Redirecting to exemplar docs...

Single-Cell Gene Network Analysis¶

Description¶

The aim of this exemplar is to understand and demonstrate how to carry out single-cell gene network analysis on real data. Specifically, we will model networks in a small, publicly available Human Cancer dataset as well as explore them further through downstream analysis. This will consist of characterising the networks through gene set enrichment analysis and understanding the principles behind this. The modelling itself will encompass learning how to use both correlation-based approaches as well as deep learning techniques, such as large language models to construct networks. Together, this will provide an undertanding as well as practical experience with an end-to-end pipeline using single-cell data for gene network analysis.

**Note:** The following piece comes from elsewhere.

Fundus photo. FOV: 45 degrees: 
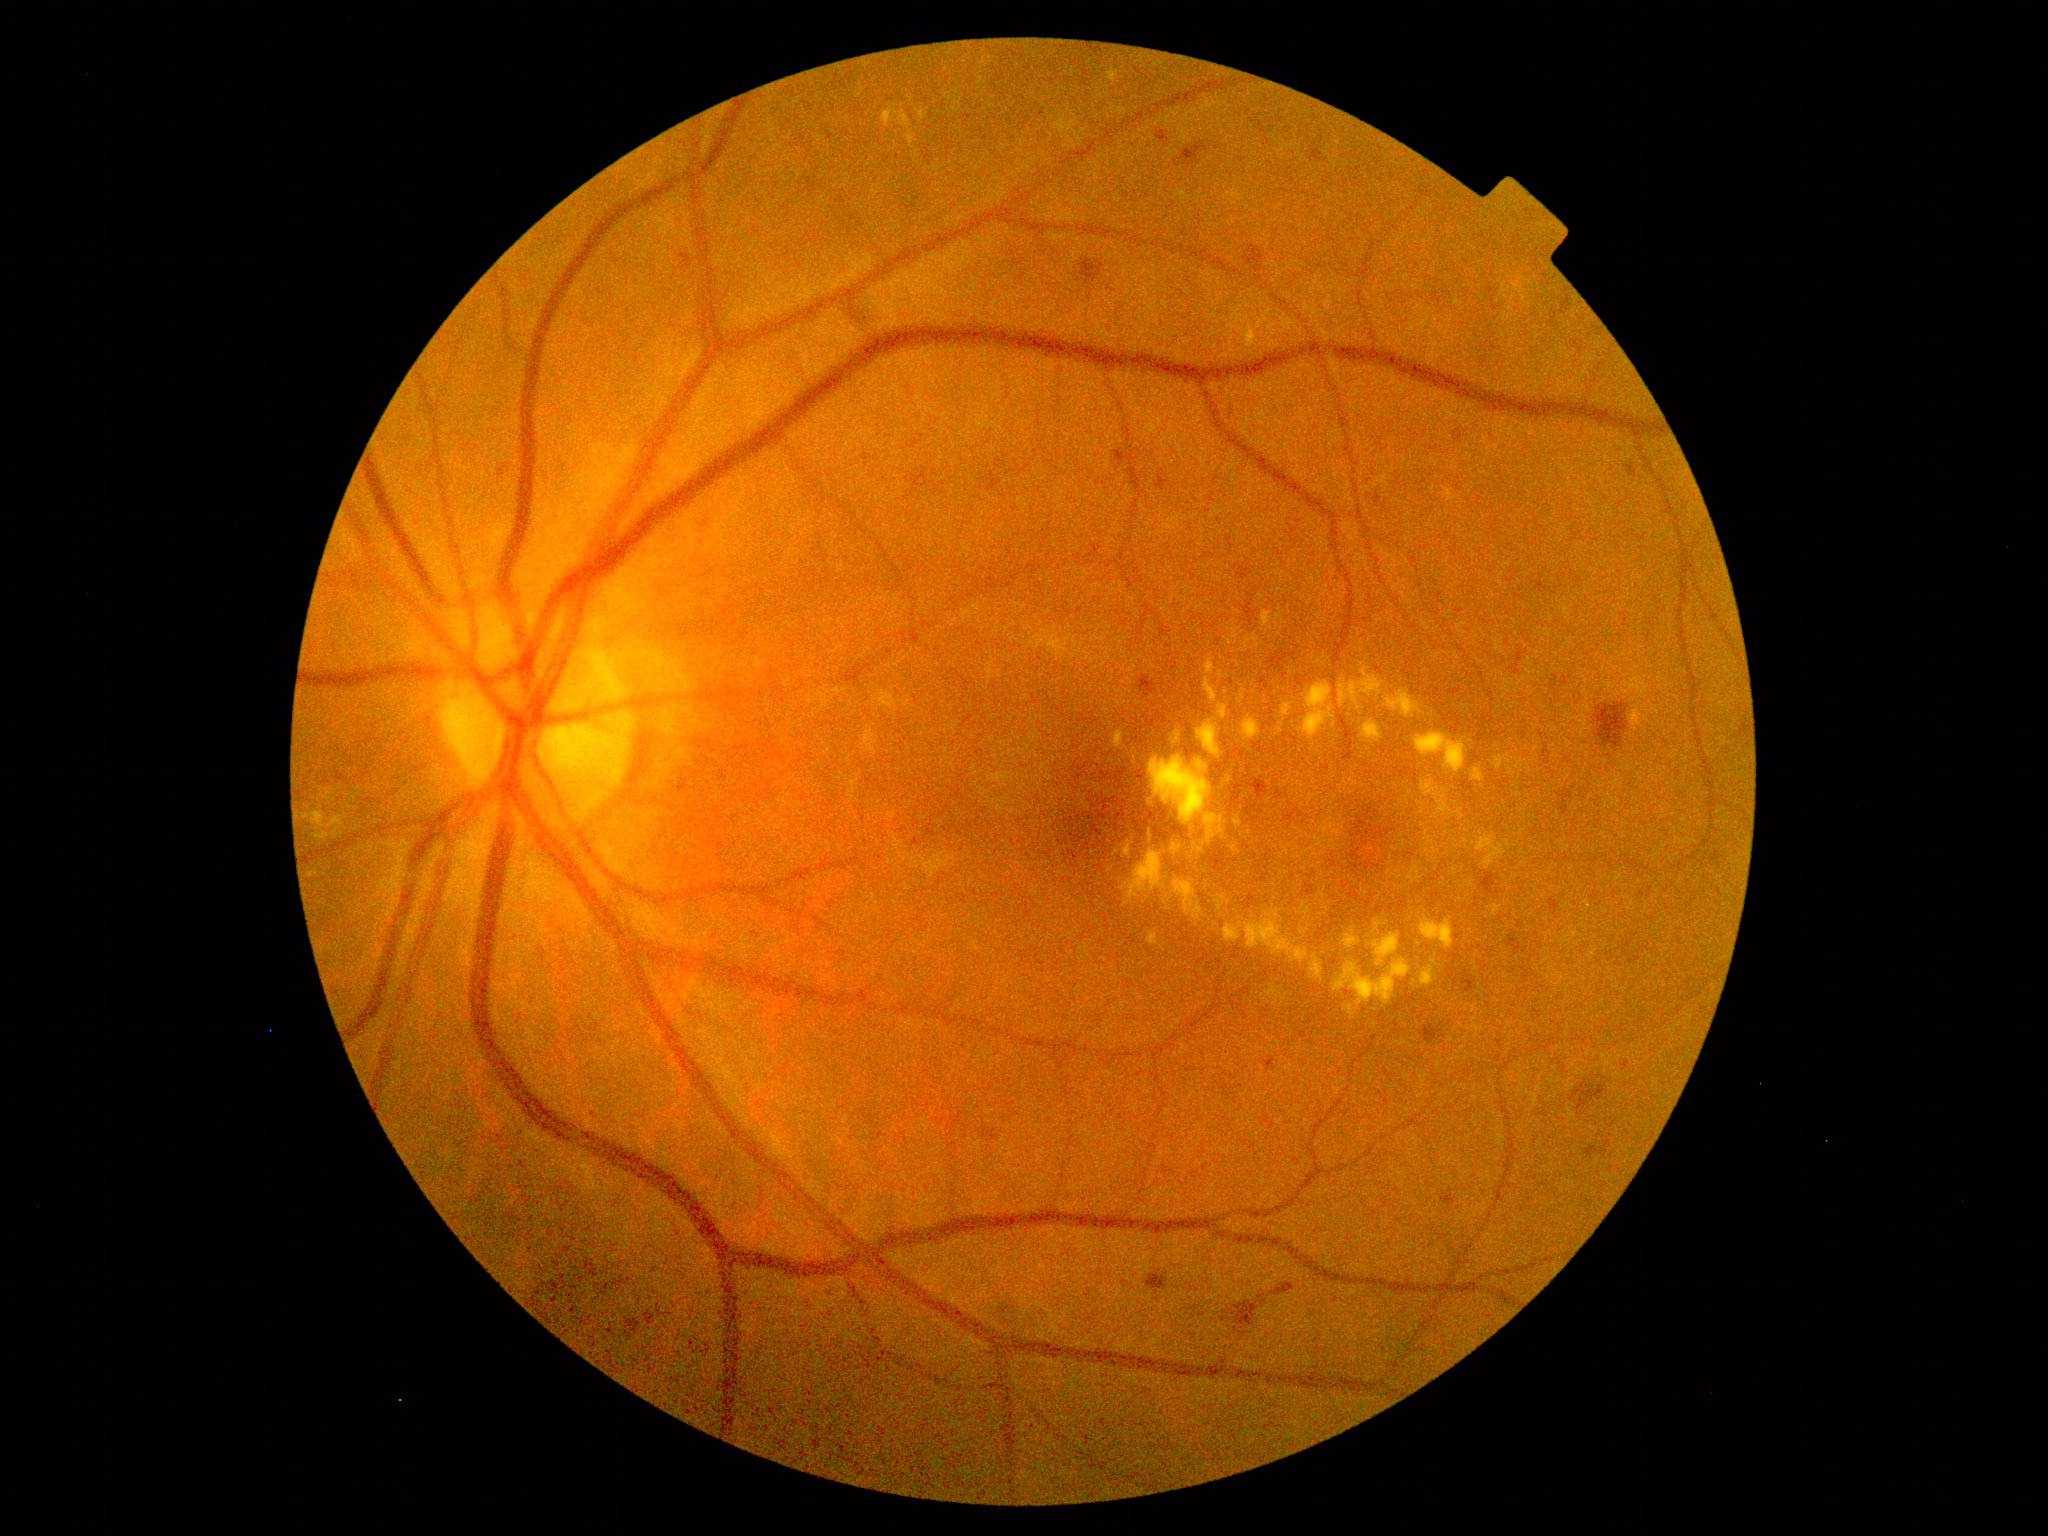
Diabetic retinopathy (DR): 2. Hard exudates (EXs) include lesions at bbox=[1320, 891, 1327, 899]; bbox=[1144, 896, 1149, 904]; bbox=[1115, 700, 1132, 707]; bbox=[1112, 730, 1125, 752]; bbox=[1493, 755, 1516, 776]; bbox=[1338, 670, 1384, 711]; bbox=[1315, 818, 1343, 851]; bbox=[1314, 852, 1325, 859]; bbox=[1489, 905, 1502, 918]. Small EXs near [1458,847]; [1249,833]; [1326,909]; [1341,787]; [1475,1008]; [1116,1010]; [1399,873]; [1205,1005]; [1511,740]; [1202,996].

Overall Learning Outcomes¶

By the end of the series of chapters and notebooks you should be able to:

Understand the Foundations of Single-Cell RNA-Sequencing (scRNA-seq):
Comprehend the steps involved in scRNA-seq data processing, including generating count matrices and performing quality control.
Explain how scRNA-seq differs from bulk RNA-seq in capturing cellular heterogeneity.
Explore publicly available snRNA-seq data and process it for downstream analysis using Python.
Apply Techniques in Gene Network Analysis:
Understand the concepts and methods involved in constructing gene networks from scRNA-seq data.
Identify relationships between genes using co-expression based approaches.
Visualise gene networks using tools such as NetworkX.
Carry Out Gene Set Enrichment Analysis:
Explain the significance of gene set enrichment and its role in interpreting gene networks.
Perform pathway-based enrichment analyses using curated gene sets from resources like KEGG and Gene Ontology (GO).
Apply statistical tests such as the Fisher Exact Test to assess the overrepresentation of gene sets.
Implement multiple hypothesis correction methods like the false discovery rate (FDR) to ensure robust enrichment results.
Utilise Large Language Models for Gene Network Predictions:
Explain the basic principles of NLP, including tokenization, stemming, and dependency parsing.
Recognize the capabilities of LLMs in analyzing complex biological datasets, even when data is limited.
Apply pretrained models like scGPT to predict gene interactions and network dynamics in scRNA-seq data.
Understand the role of transformers and attention mechanisms in enhancing biological predictions through context-aware learning.

Task	Time
Reading	3 hours
Practising	3 hours

Requirements¶

Familiarity with Python
Basic knowledge on NLP and LLMs
Basic knowledge on single-cell RNA-sequencing

Getting Started¶

Take a look at the table of contents below and follow the chapters from 1 to 4. These are also aligned with the notebooks and should give you background information as well as direction and motivation behind the notebooks. If you are ever unsure or don't understand how to do something on the workbooks, there are also fully worked through solutions that you can use.

Cloning the repository¶

If you don't have it already, install git to your machine, see here for details on all OS's.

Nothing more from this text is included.